El primer día de desconfinamiento reinicia en parte la rutina anterior; en las horas permitidas sale a dar su paseo, compra el periódico y echa su rato de tertulia, ahora con mascarilla y más distanciado físicamente, con Pedro, su amigo el quiosquero. No le ve buena cara al amigo, será cosa de tantos días encerrado; aunque, a los dos o tres días, lo ve más demacrado y, además, con una tos intermitente que él achaca a su inveterado hábito de fumar. El domingo por la mañana, ni Pedro ni su mujer, con la que regenta el negocio desde siempre, están en el quiosco; en su lugar encuentra a un joven, el hijo de ambos, que, muy preocupado, le dice que a su padre le han diagnosticado COVID-19, que lo tienen ingresado en la planta de infecciosos del hospital, y a su madre, aunque no tiene síntomas, también la han confinado en su casa. Lorenzo se marcha consternado, decidido a no salir durante unos días.

La hija lo ha llamado varias veces y siempre le dice que sigue de viaje; a mediados de marzo, lo volvió a llamar, preocupada por lo que está pasando; le dice que no se preocupe, que está bien, que está con su primo, que precisamente por el estado de alarma no puede salir de la isla, pero que, en todo caso, piensa quedarse una larga temporada.

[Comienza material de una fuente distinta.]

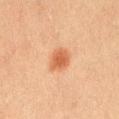This image is a 15 mm lesion crop taken from a total-body photograph. Captured under cross-polarized illumination. The subject is a female aged approximately 20. Longest diameter approximately 3 mm. On the right thigh.

El martes se despierta de madrugada, le duele la garganta, tiene escalofríos; piensa que se ha resfriado por haber pasado la tarde anterior demasiado tiempo en la terraza. Espera a que se haga de día y, cuando le llevan el desayuno, la auxiliar lo encuentra acostado, con mala cara; él dice que se ha resfriado, que le traiga un paracetamol, que se le va a pasar pronto, que a él estos achaques le duran poco, que piensa bajar a mediodía a comer pues piensa que es mejor moverse un poco. Sin embargo, cuando llega la hora y pretende levantarse, no puede, le duele todo el cuerpo, le cuesta un poco respirar; llama por el teléfono interior, dice que se encuentra mal. El médico, que llega con una indumentaria rarísima, cubierto hasta las cejas, le diagnostica que está contagiado de la nueva enfermedad, del maldito virus, que hay que ingresarlo inmediatamente y pide una ambulancia para llevarlo al hospital. Él pide llevarse alguna cosa, no puede ser; insiste y finalmente consigue que le dejen una, que le entregan después de desinfectarla profusamente: la foto enmarcada en la que abraza a su hijo. Llega al hospital con una fiebre altísima, aturdido, han tenido que conectarlo al respirador de la ambulancia. Lo pasan directamente a la UCI, donde entra, prácticamente inconsciente, aferrado a la foto.